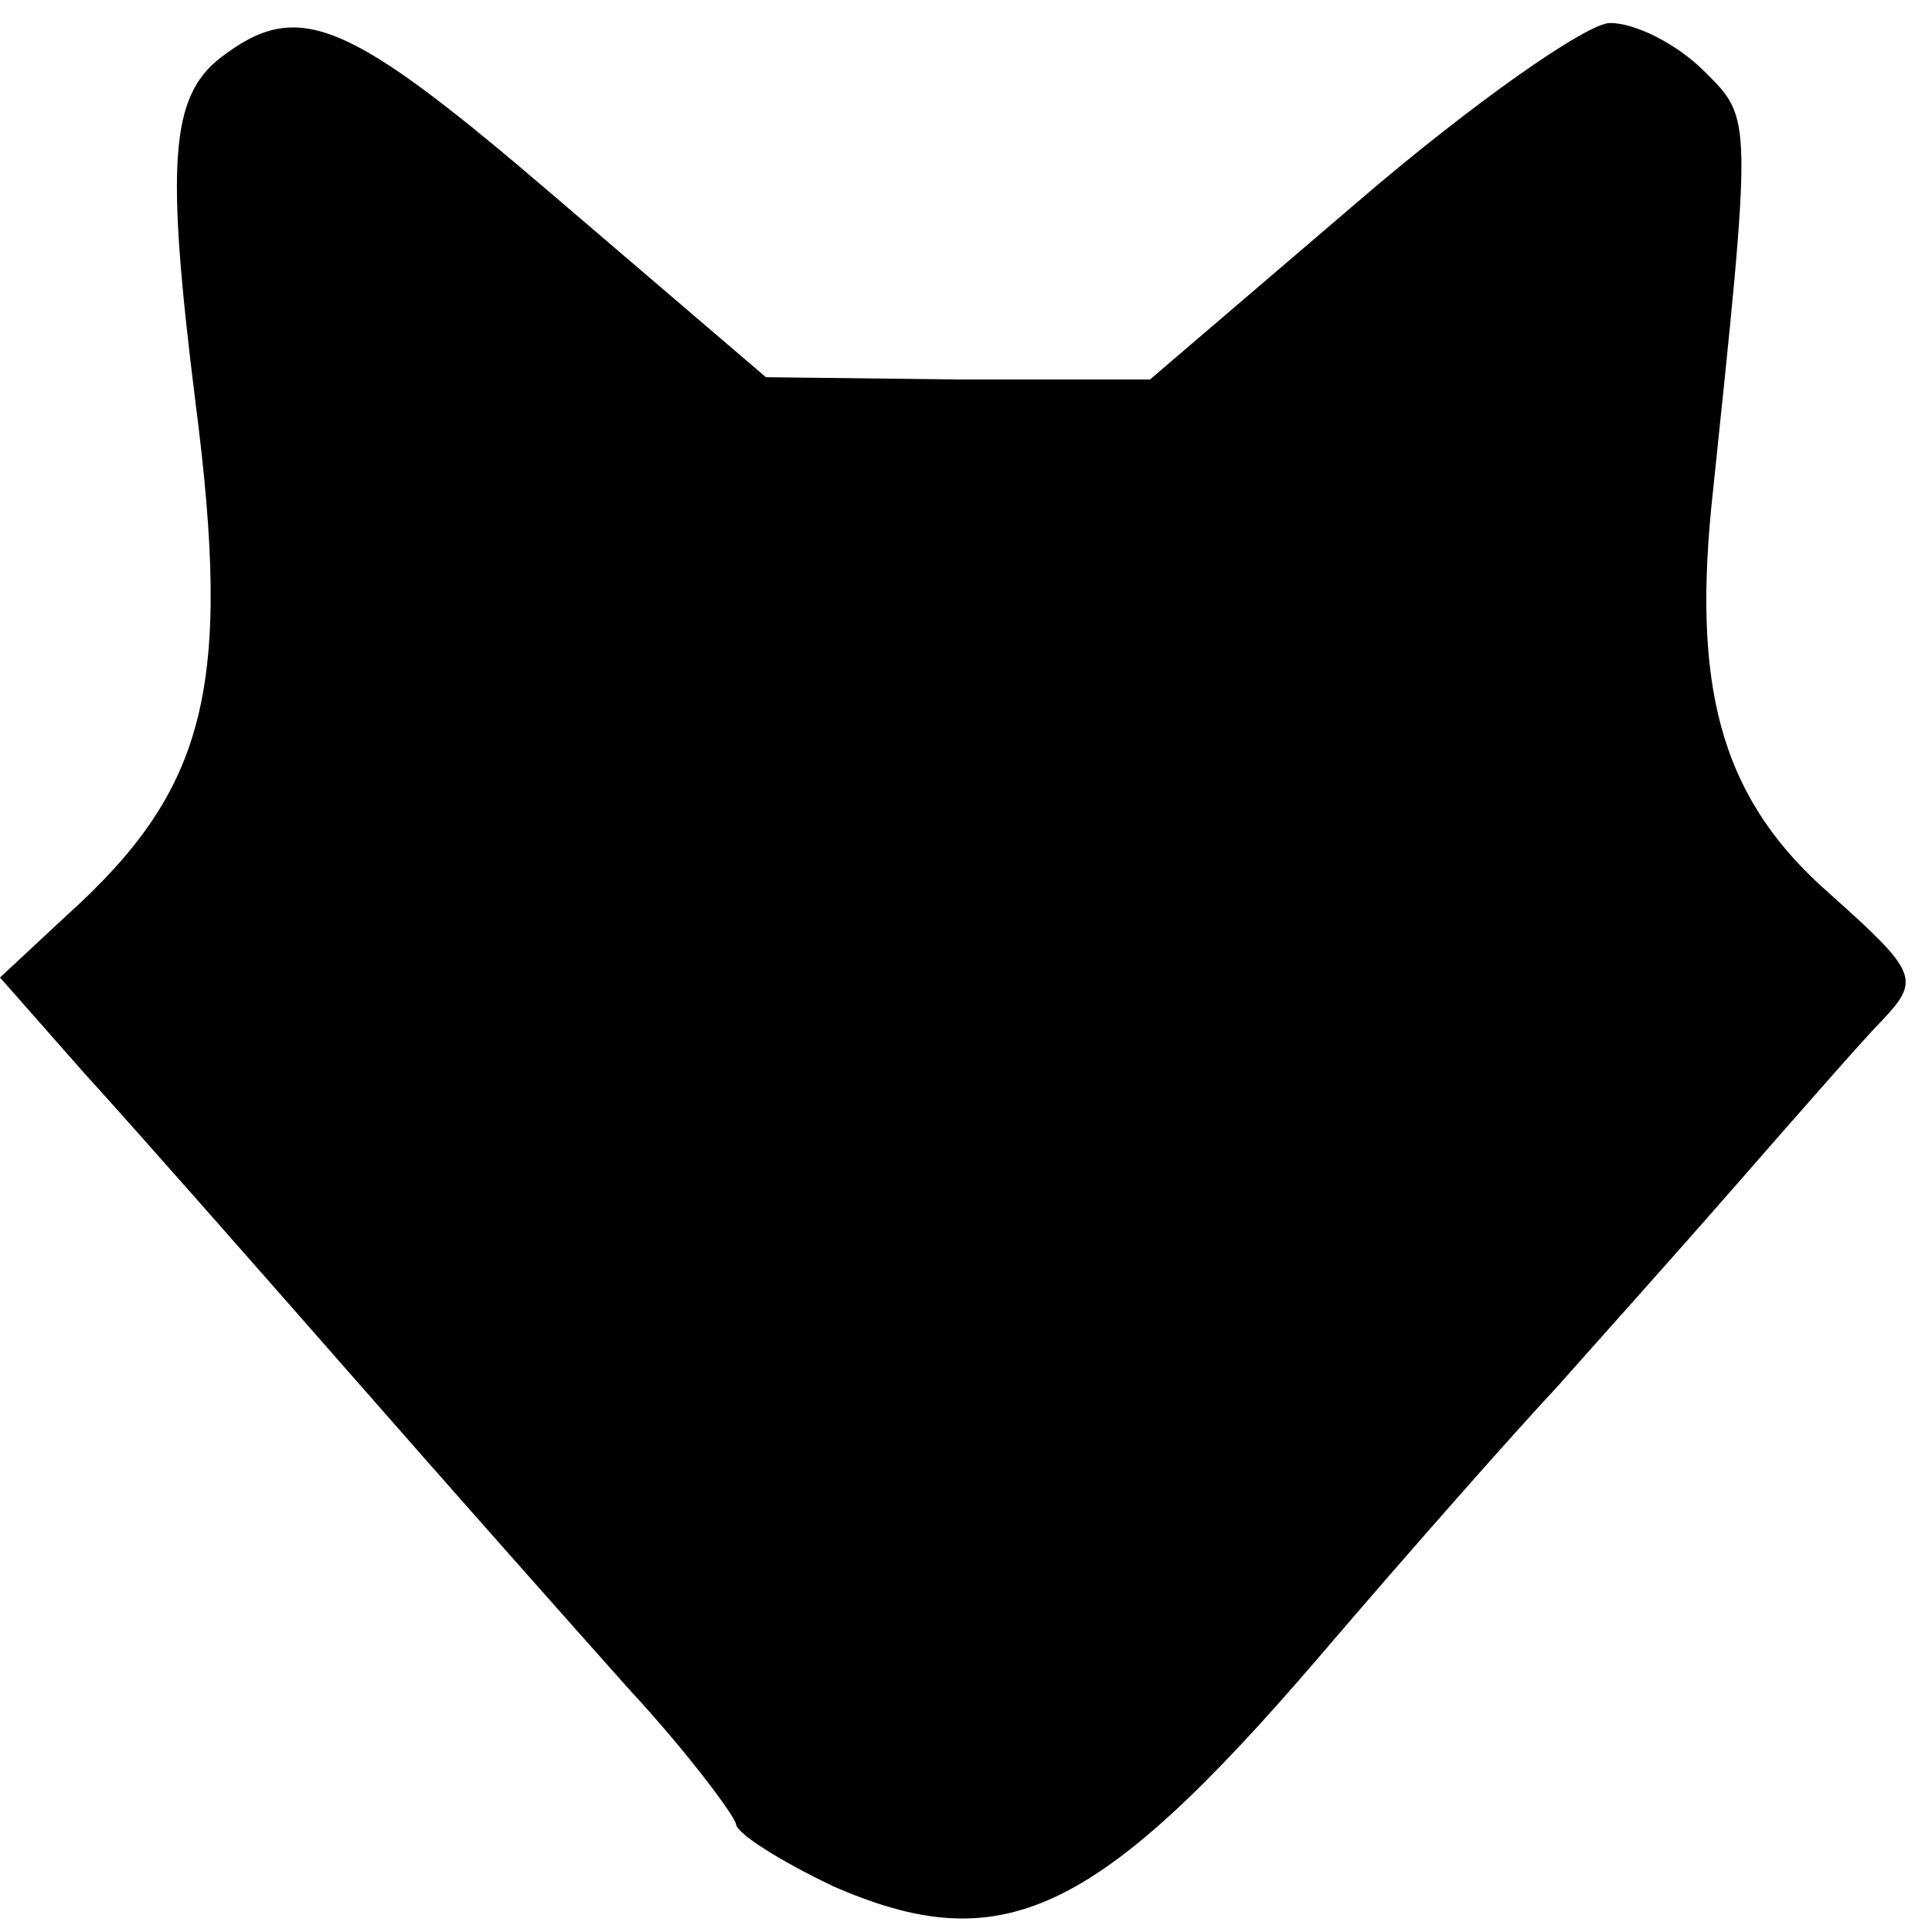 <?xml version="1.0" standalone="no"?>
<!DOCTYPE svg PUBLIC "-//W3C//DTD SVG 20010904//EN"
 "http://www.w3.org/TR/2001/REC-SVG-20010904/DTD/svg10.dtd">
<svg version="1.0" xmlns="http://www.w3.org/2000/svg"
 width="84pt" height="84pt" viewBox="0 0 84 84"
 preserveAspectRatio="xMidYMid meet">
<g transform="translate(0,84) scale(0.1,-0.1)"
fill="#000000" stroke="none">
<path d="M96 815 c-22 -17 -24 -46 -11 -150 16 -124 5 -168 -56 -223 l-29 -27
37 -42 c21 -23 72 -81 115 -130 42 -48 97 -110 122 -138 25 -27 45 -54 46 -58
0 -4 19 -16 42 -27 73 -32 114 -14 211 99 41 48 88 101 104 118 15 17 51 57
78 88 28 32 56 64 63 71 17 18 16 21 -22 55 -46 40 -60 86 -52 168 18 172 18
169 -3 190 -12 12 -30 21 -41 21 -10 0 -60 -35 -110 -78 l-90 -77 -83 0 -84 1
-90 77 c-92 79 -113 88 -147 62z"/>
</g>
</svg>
☆ ☆ ☆ ☆ ☆
**Description of the task**. Restate the listing word for word, pictures omitted.

**Exercise response**.
 <?xml version="1.0" standalone="no"?>
<!DOCTYPE svg PUBLIC "-//W3C//DTD SVG 20010904//EN"
 "http://www.w3.org/TR/2001/REC-SVG-20010904/DTD/svg10.dtd">
<svg version="1.0" xmlns="http://www.w3.org/2000/svg"
 width="84pt" height="84pt" viewBox="0 0 84 84"
 preserveAspectRatio="xMidYMid meet">
<g transform="translate(0,84) scale(0.1,-0.1)"
fill="#000000" stroke="none">
<path d="M96 815 c-22 -17 -24 -46 -11 -150 16 -124 5 -168 -56 -223 l-29 -27
37 -42 c21 -23 72 -81 115 -130 42 -48 97 -110 122 -138 25 -27 45 -54 46 -58
0 -4 19 -16 42 -27 73 -32 114 -14 211 99 41 48 88 101 104 118 15 17 51 57
78 88 28 32 56 64 63 71 17 18 16 21 -22 55 -46 40 -60 86 -52 168 18 172 18
169 -3 190 -12 12 -30 21 -41 21 -10 0 -60 -35 -110 -78 l-90 -77 -83 0 -84 1
-90 77 c-92 79 -113 88 -147 62z"/>
</g>
</svg>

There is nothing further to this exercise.